I've scouted around on stackoverflow and different websites but I seem to have not found a solution still. My issue is that I'm trying to access two different folders which contain "ham" or "spam" emails to work into a dataset for model training. I seem to keep getting a permission error and I'm unsure on how to solve it through Python or Windows Explorer. I would like to know how to solve it in multiple ways to get a better understanding of it.
Here's the code:
ham = 'ham'
spam = 'spam'
data = 'emails2'
hamfiles = []
spamfiles = []
'''Searching File Path'''
print('# MESSAGE: Finding for files ----------------------------------------------------------------------------------')

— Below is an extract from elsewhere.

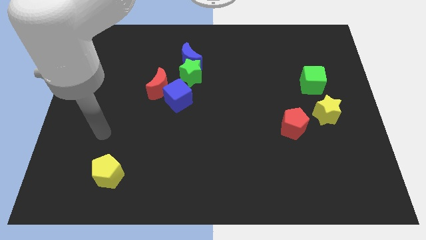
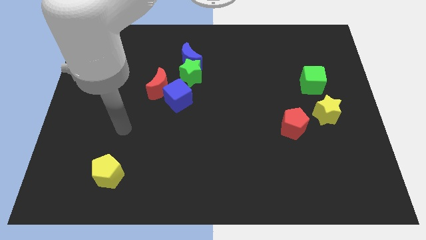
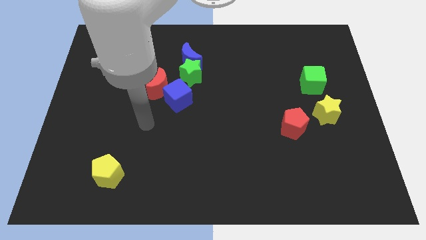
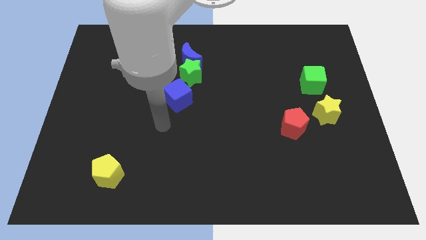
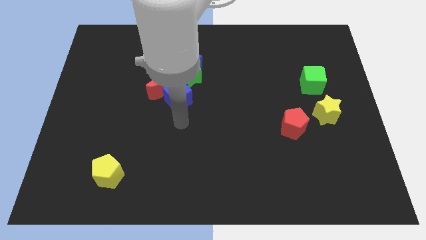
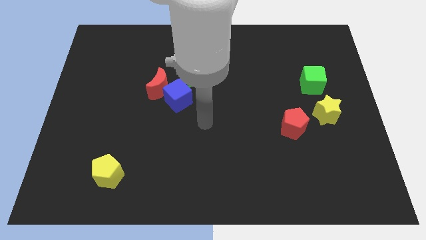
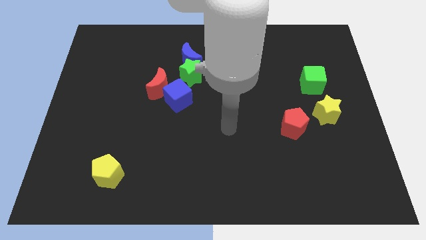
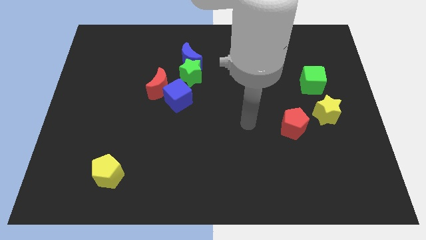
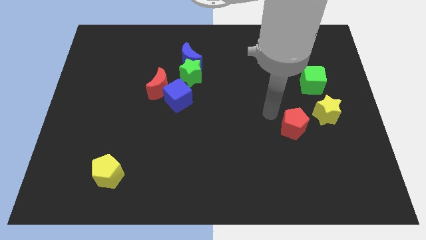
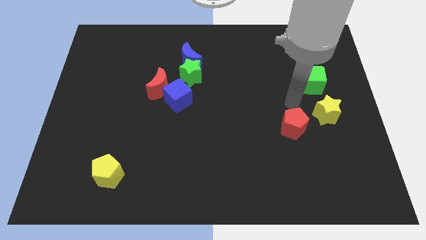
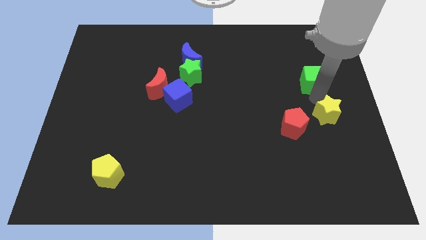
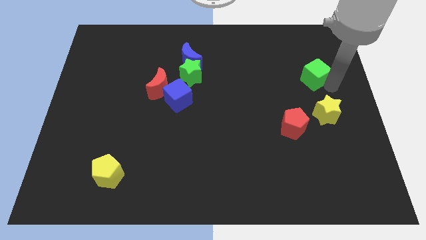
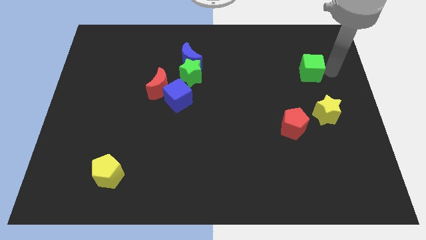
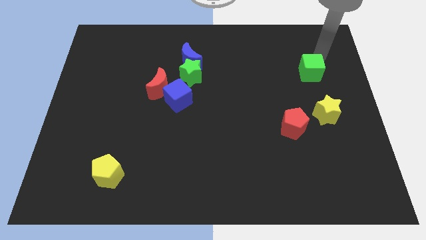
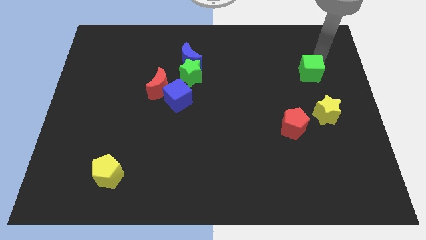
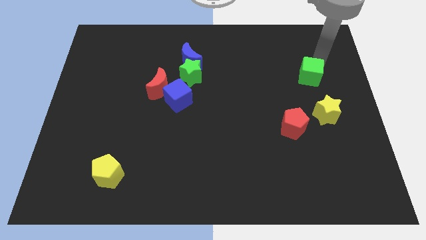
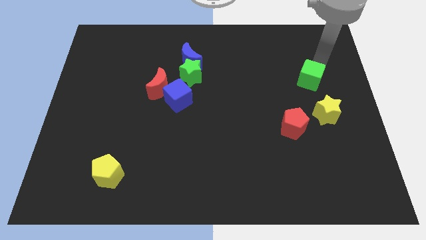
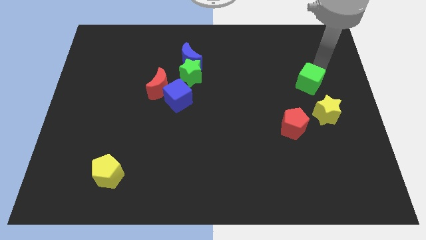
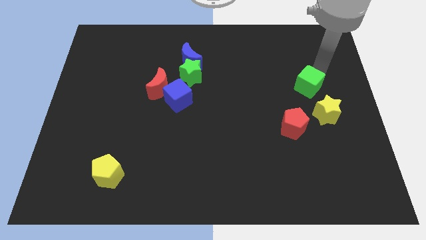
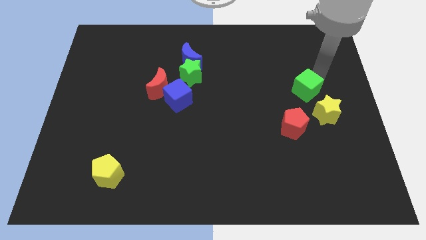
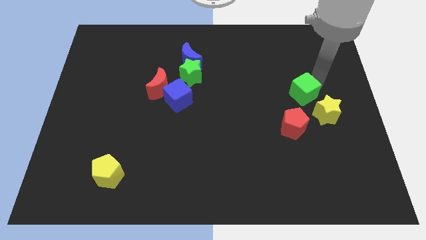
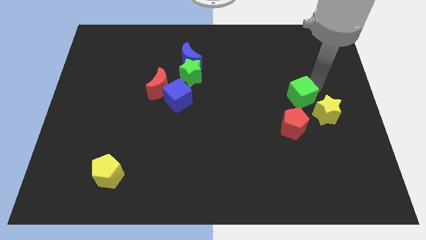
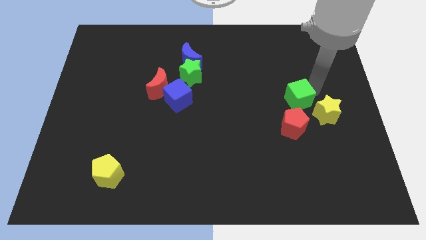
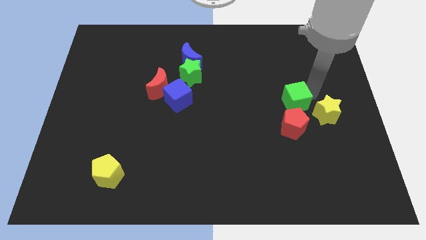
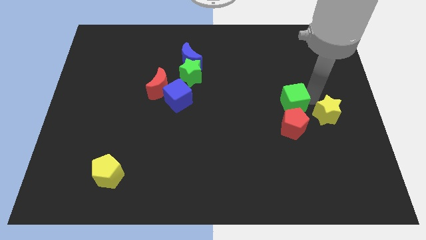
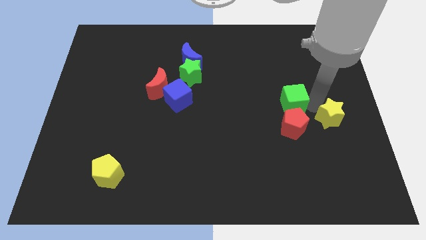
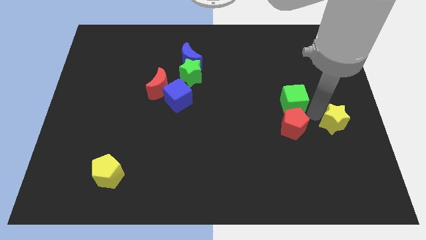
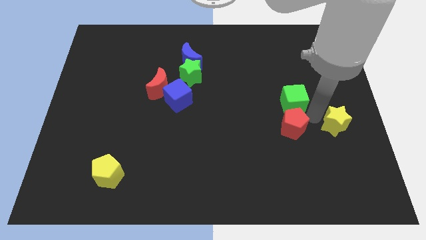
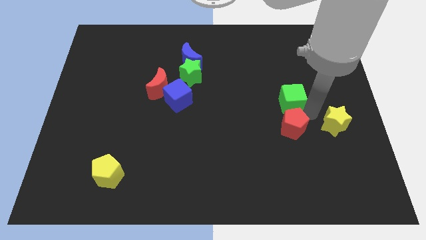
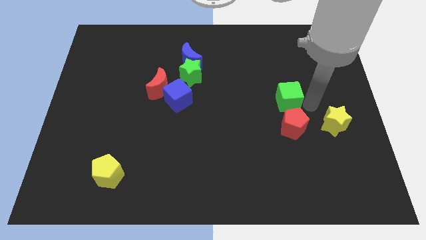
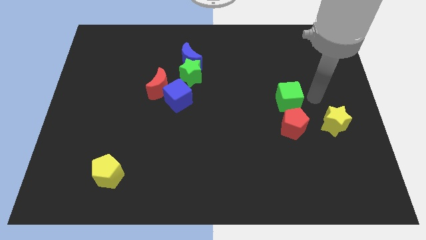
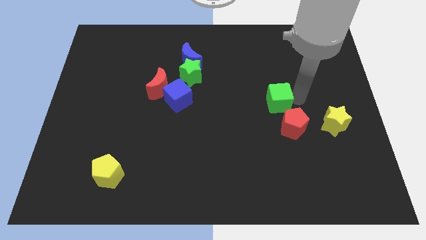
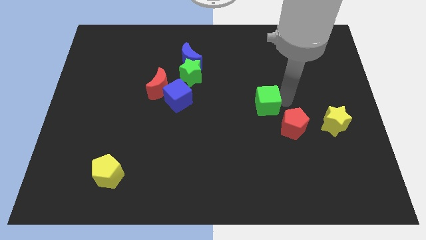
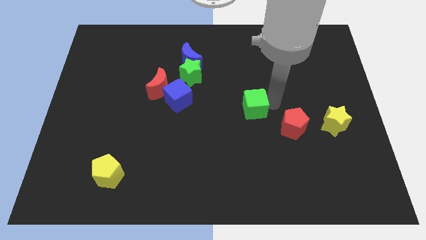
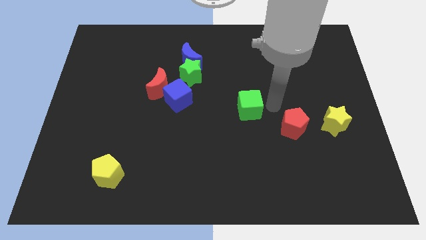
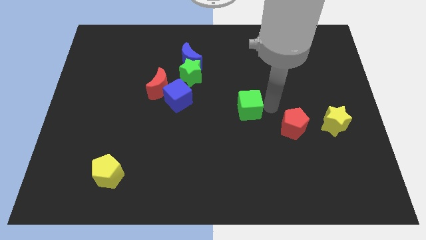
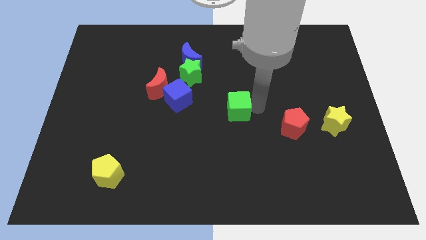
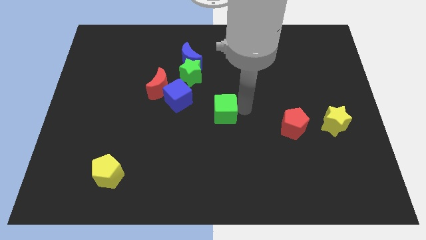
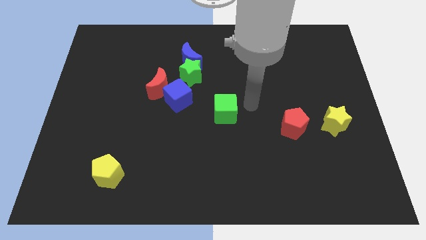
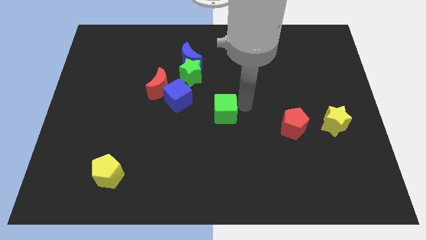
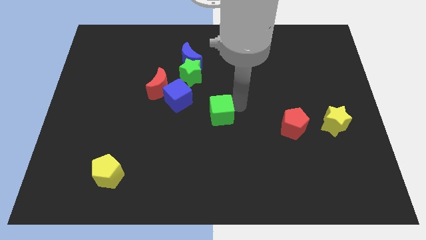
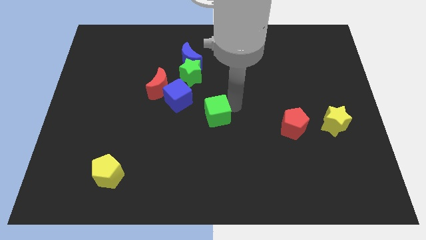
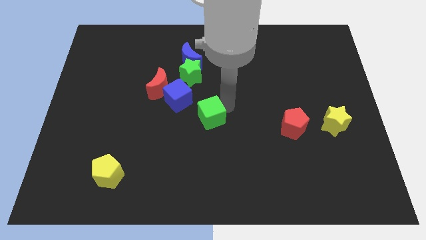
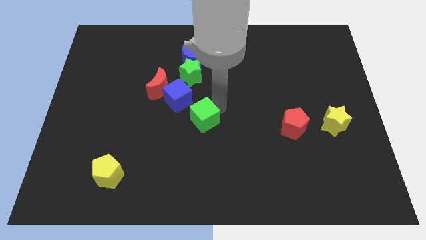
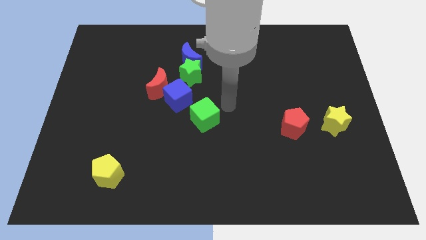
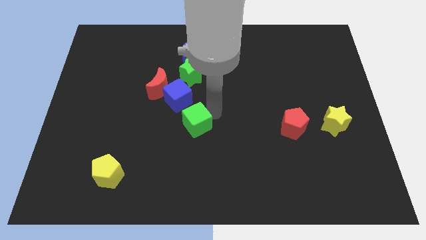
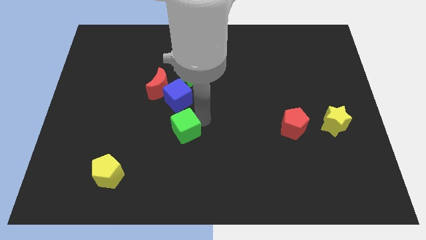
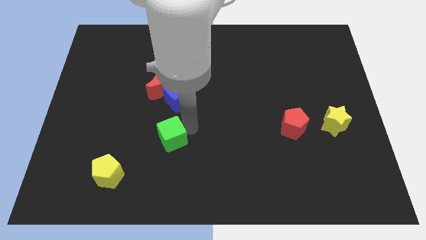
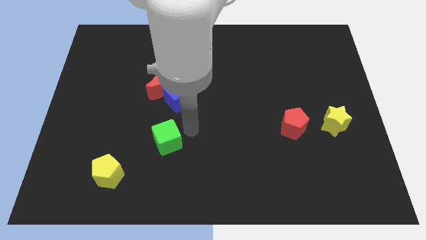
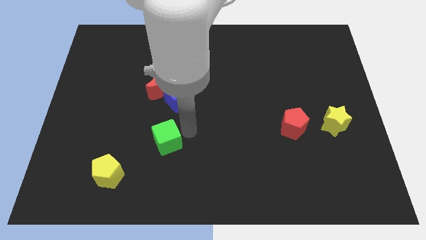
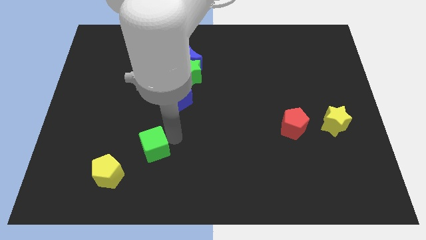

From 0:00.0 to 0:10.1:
slide the green cube diagonally up and to the right of the yellow pentagon

for subdir, folders, files in os.walk(data):
if subdir.__contains__(ham):
# print(subdir)
for file in files:
# print(os.path.join(subdir, file))
hamfiles.append(os.path.join(subdir, file))
else:
for file in files:
# print(os.path.join(subdir, file))
spamfiles.append(os.path.join(subdir, file))
import glob
X_file = []
y_class = []
eof = [('eof')]
for hamfile in hamfiles:
# print(hamfile)
files = glob.glob(hamfile)
for file in files:
# print(file)
h = open(file, encoding='UTF8', errors='replace')
buffer = h.read()
'''Tokenize'''
token = nltk.word_tokenize(buffer)
'''Part Of Speech Tagging'''
posTag = nltk.pos_tag(token)
'''Append to Array'''
for (word, tag) in posTag:
X_file.append(word)
y_class.append('ham')
for spamfile in spamfiles:
# print(spamfile)
files = glob.glob(spamfile)
for file in files:
# print(file)
s = open(file, encoding='UTF8', errors='replace')
buffer = s.read()
'''Tokenize'''
token = nltk.word_tokenize(buffer)
'''Part Of Speech Tagging'''
posTag = nltk.pos_tag(token)
'''Append to Array'''
for (word, tag) in posTag:
X_file.append(word)
y_class.append('spam')
print('# MESSAGE: Print X_ham ----------------------------------------------------------------------------------------')
print(X_file)
h.close()
def create_lexicon(X_file,y_class):
lexicon = []
with open(X_file,'r+') as f:
contents = f.readlines()
for l in contents[:hm_lines]:
all_words = word_tokenize(l)
lexicon += list(all_words)
with open(y_class,'r+') as f:
contents = f.readlines()
for l in contents[:hm_lines]:
all_words = word_tokenize(l)
lexicon += list(all_words)
I understand that it could be a windows permission error but I have never encountered this before.